___ INPUT MATERIAL ___

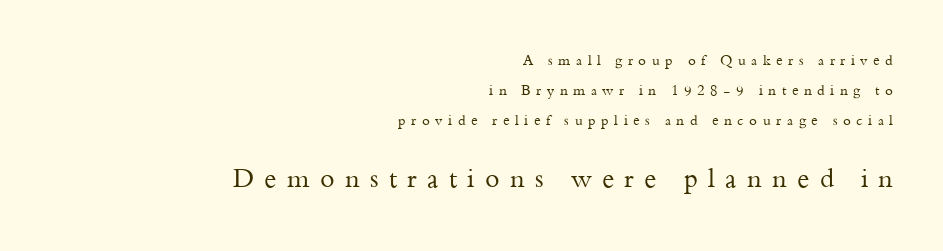
The image shows 26 px text type, upright; set right-aligned, loose line spacing (2.13x), unusually wide letter spacing (+0.4 em), not underlined; the second (bottom) block is 1.86x larger.
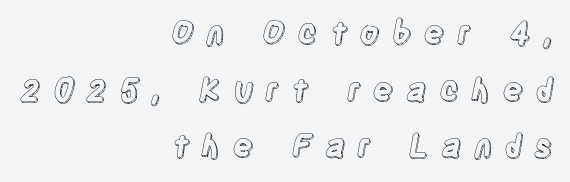
Q: Is the text italic (slanted)? A: Yes.
Q: Is the text underlined? A: No.
Q: How is the paragraph aligned? A: Right-aligned.
Q: Is the spacing between letters normal or unusually wide? A: Unusually wide.
Q: Width (condensed, normal, or wide)? A: Condensed.
Q: x-height? A: Large.
Q: Monospaced? A: No.
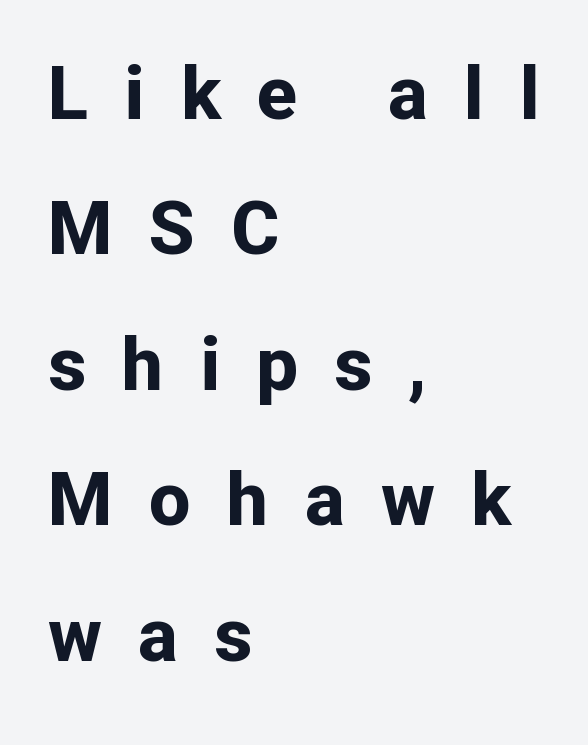
The rendering uses a bold face; every stroke is thick and dark. A typesetter would mark this as roman, not italic. Nobody drew a line under any word here. A typesetter would call this proportional, since set widths differ per character.
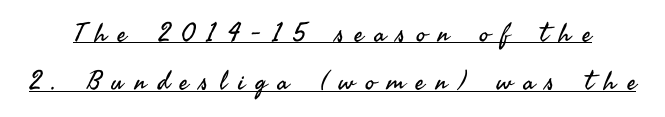
The image shows 26 px text type; set line spacing 1.86x, unusually wide letter spacing (+0.44 em), underlined.
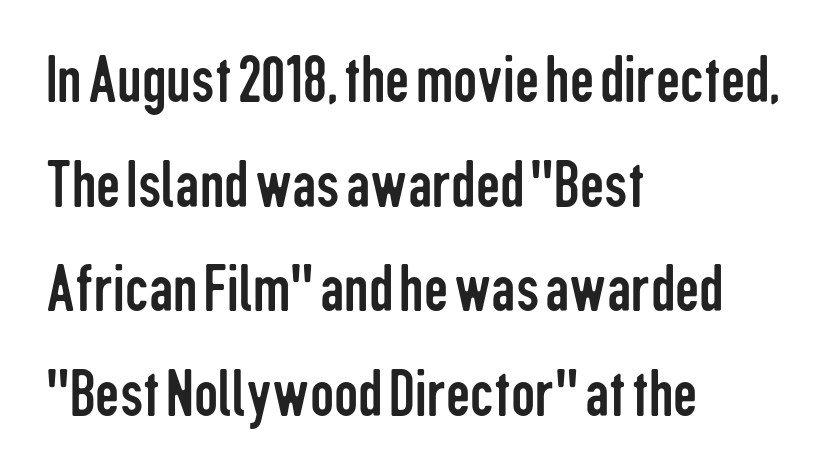
Note the varied advance widths — an 'i' is clearly narrower than an 'm'. The axis of the letterforms is exactly vertical. The vertical gap from one line to the next is medium. Line beginnings align vertically; line endings do not. The space beneath each line is pristine and unruled.
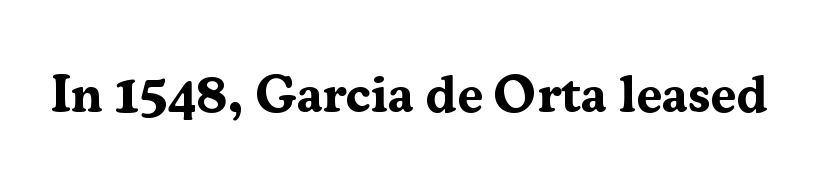
This rendering employs a face with finishing strokes, i.e., a serif. Default kerning and tracking; the words read as compact shapes. A full-strength bold gives these letters their thick strokes. Note the varied advance widths — an 'i' is clearly narrower than an 'm'.
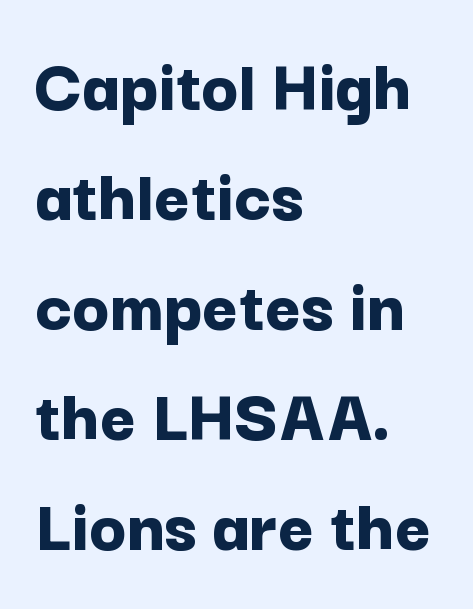
{"serif": "no", "italic": "no", "bold": "yes", "weight": "bold", "width": "normal", "stroke_contrast": "low", "x_height": "medium", "monospaced": "no", "underline": "no", "align": "left", "line_spacing": "normal", "line_spacing_ratio": 1.43, "letter_spacing": "normal", "letter_spacing_em": 0.0, "glyph_px": 77}
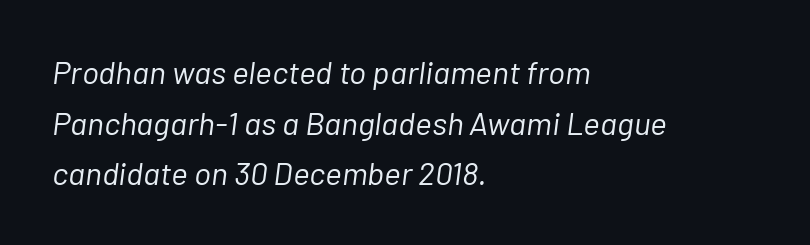
Successive baselines arrive at the customary interval. Line starts are locked; line ends wander. In terms of letterspacing, this is plain default setting. Just letters on the line, the space beneath them empty. Style check: oblique.

___

#### [EXERCISE]
Taking the entries above, copy word for word the lines from the one with "Q: x-height? A: Large." up to and including the one with "The rendering uses", without any picture.

#### [SOLUTION FOR THIS TASK]
Q: x-height? A: Large.
Q: Monospaced? A: No.
The rendering uses a bold face; every stroke is thick and dark. A typesetter would mark this as roman, not italic. Nobody drew a line under any word here. A typesetter would call this proportional, since set widths differ per character.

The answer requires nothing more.